In [None]:
# %pip install jiwer

In [1]:
# Libararies
import os
import re
import csv
import torch
import evaluate
from datasets import load_dataset, Audio
from transformers import Wav2Vec2Processor
from transformers import Wav2Vec2ForCTC
from transformers import TrainingArguments
from transformers import Trainer
import tqdm as notebook_tqdm

  from .autonotebook import tqdm as notebook_tqdm


In [None]:
dataset_path = '/home/kangyi/Lyrics-audio-Alignment/dataset/songs_en'
matedata_path = '/home/kangyi/Lyrics-audio-Alignment/dataset/output-en/metadata.csv'
lang = "en-US"

PRE_PROCESSED = True
ORIGINAL_SR = 44100
TARGET_SR = 16000

### Dataset

In [2]:
###############################################################################
# Step 1: Load the CSV dataset
###############################################################################

dataset = load_dataset("csv", data_files=matedata_path)["train"]

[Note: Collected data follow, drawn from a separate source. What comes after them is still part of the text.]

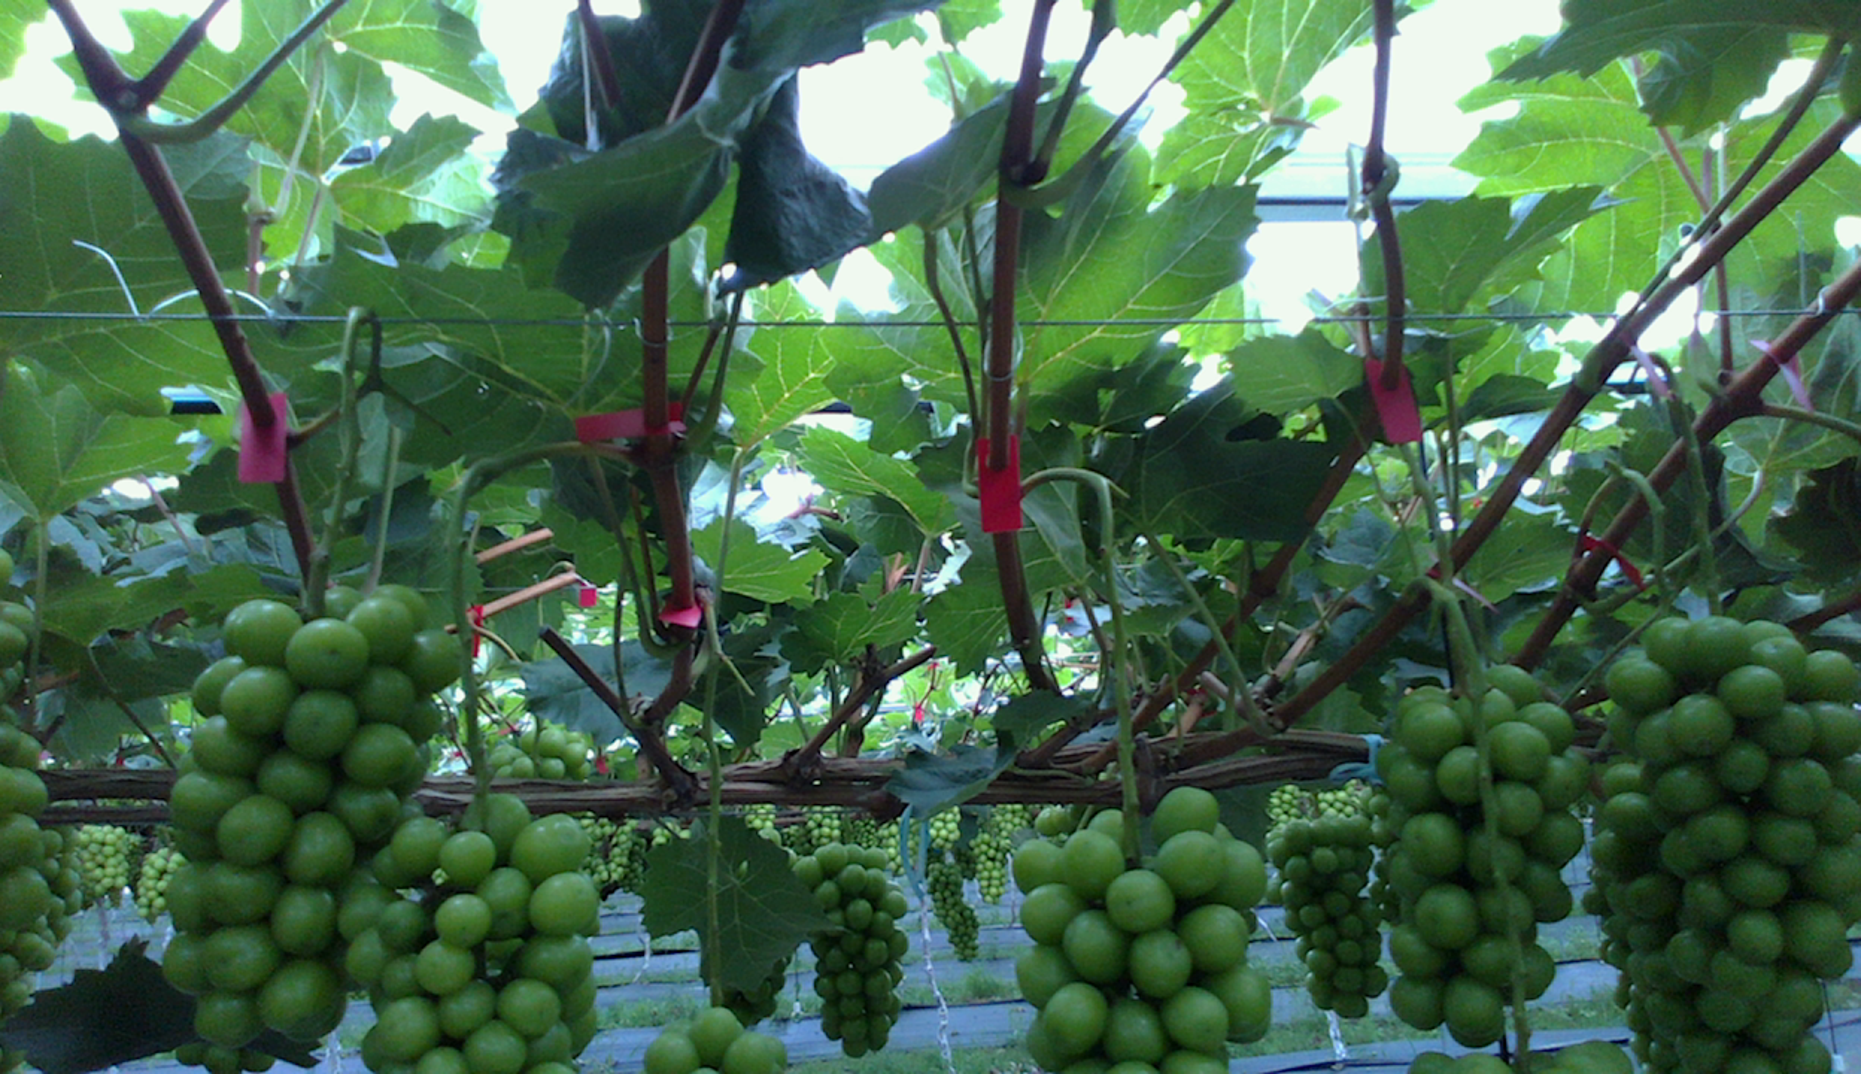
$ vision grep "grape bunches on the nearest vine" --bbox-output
[1408,1041,1636,1073]
[643,1010,787,1073]
[1375,664,1590,1047]
[1014,788,1273,1071]
[338,794,602,1073]
[1602,618,1860,1052]
[161,583,459,1050]
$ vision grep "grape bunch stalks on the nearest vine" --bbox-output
[1400,445,1455,589]
[1402,577,1533,1068]
[1021,467,1142,859]
[1654,352,1724,616]
[704,606,725,1007]
[446,440,634,832]
[303,306,373,616]
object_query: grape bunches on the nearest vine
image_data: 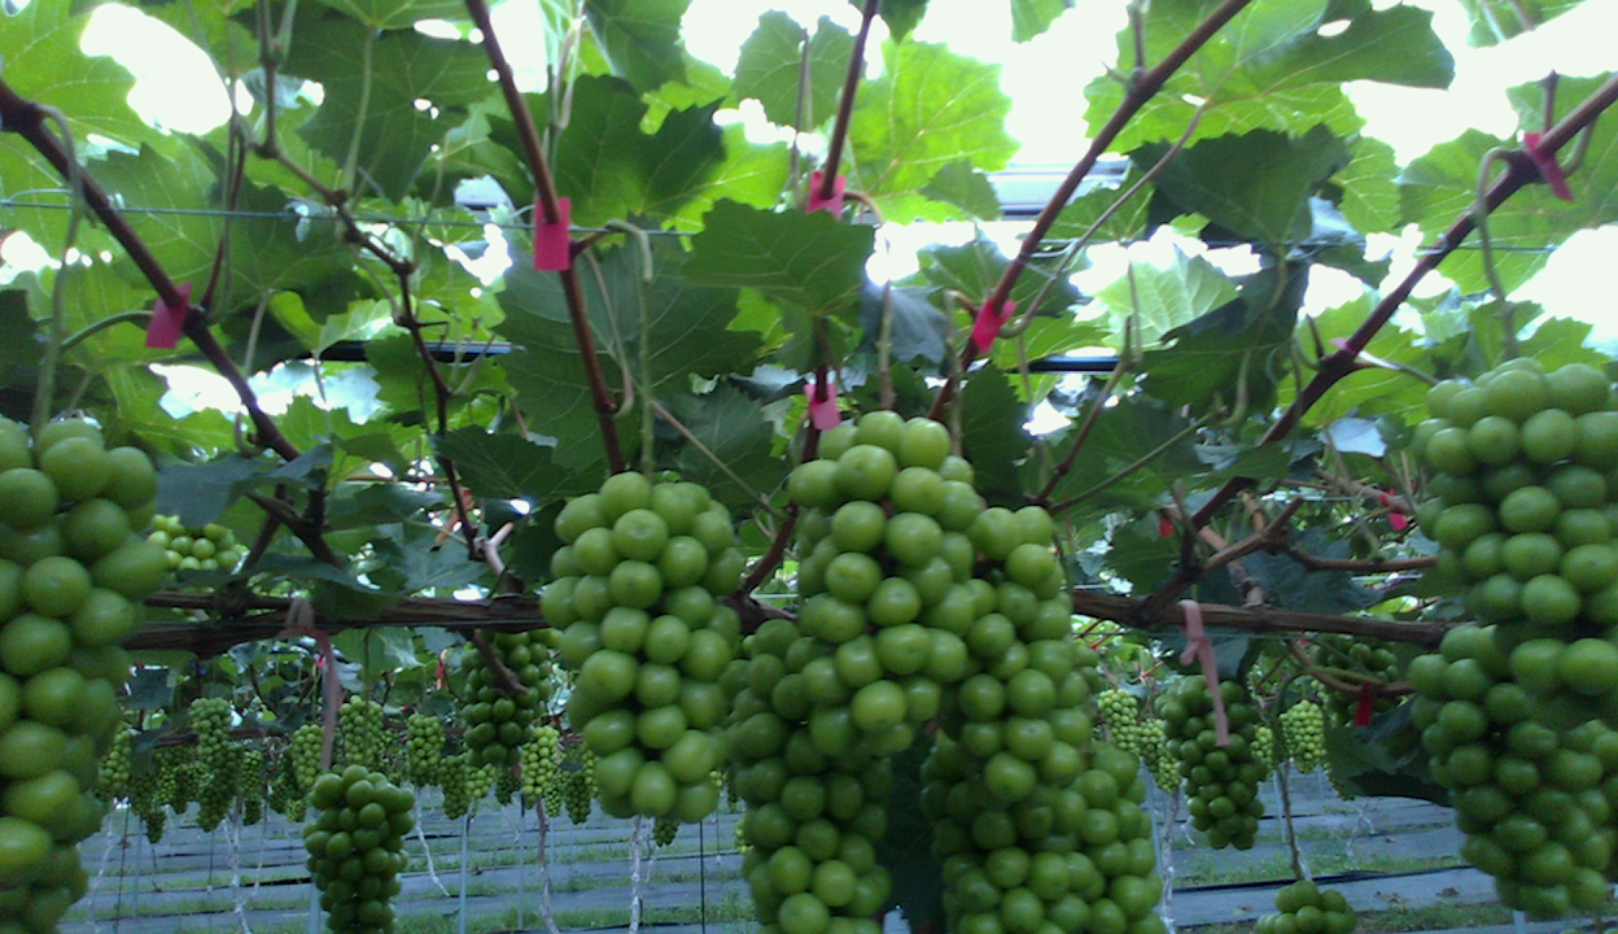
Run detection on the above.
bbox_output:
[539,471,744,825]
[957,503,1096,803]
[0,411,166,933]
[1413,354,1617,637]
[722,617,896,933]
[923,736,1166,931]
[790,409,981,761]
[1405,625,1617,921]
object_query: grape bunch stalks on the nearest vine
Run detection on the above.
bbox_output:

###############################################################################
# Step 2: Split into train, validation, and test sets
###############################################################################
# Example: 80% train, 10% validation, 10% test

# First create test split (10% of total)
split_dataset = dataset.train_test_split(test_size=0.1, seed=42)
train_val = split_dataset["train"]
test_dataset = split_dataset["test"]

# Now split the remaining 90% into 80% train and 10% val
split_train_val = train_val.train_test_split(test_size=0.1111, seed=42)  # 0.1111 of 90% ~ 10%
train_dataset = split_train_val["train"]
eval_dataset = split_train_val["test"]

print("Train samples:", len(train_dataset))
print("Validation samples:", len(eval_dataset))
print("Test samples:", len(test_dataset))

In [3]:
###############################################################################
# Step 3: Convert file_name column to Audio feature
###############################################################################
# This will decode and resample the audio at 16kHz on-the-fly
train_dataset = train_dataset.cast_column("file_name", Audio(sampling_rate=16000))
eval_dataset = eval_dataset.cast_column("file_name", Audio(sampling_rate=16000))
test_dataset = test_dataset.cast_column("file_name", Audio(sampling_rate=16000))


In [None]:
###############################################################################
# Step 4: Load a Wav2Vec2 Processor
###############################################################################
processor = Wav2Vec2Processor.from_pretrained("facebook/wav2vec2-base-960h")

def normalize_text(text):
    # Lowercase
    if text == None:
        return ''
    text = text.lower()
    # Remove punctuation except for apostrophes needed for words like "don't"
    text = re.sub(r"[^a-zA-Z0-9\s']", "", text)
    text = text.strip()
    return text

In [4]:
###############################################################################
# Step 5: Preprocessing function
###############################################################################
def prepare_batch(batch):
    audio = batch["file_name"]
    text = batch["text"]
    
    # Normalize text if needed
    text = normalize_text(text)

    # Process audio
    inputs = processor(
        audio["array"], 
        sampling_rate=audio["sampling_rate"], 
        return_attention_mask=True,
        padding=True  # Add padding here
    )

    # Encode labels (text)
    with processor.as_target_processor():
        labels = processor.tokenizer(
        text, 
        padding=True,  # Padding for labels
        truncation=True  # Optional: truncate labels if needed
    ).input_ids

    batch["input_values"] = inputs["input_values"][0]
    batch["attention_mask"] = inputs["attention_mask"][0]
    batch["labels"] = labels
    print(batch)
    return batch

# Apply the preprocessing to datasets
train_dataset = train_dataset.map(prepare_batch, remove_columns=train_dataset.column_names)
eval_dataset = eval_dataset.map(prepare_batch, remove_columns=eval_dataset.column_names)
test_dataset = test_dataset.map(prepare_batch, remove_columns=test_dataset.column_names)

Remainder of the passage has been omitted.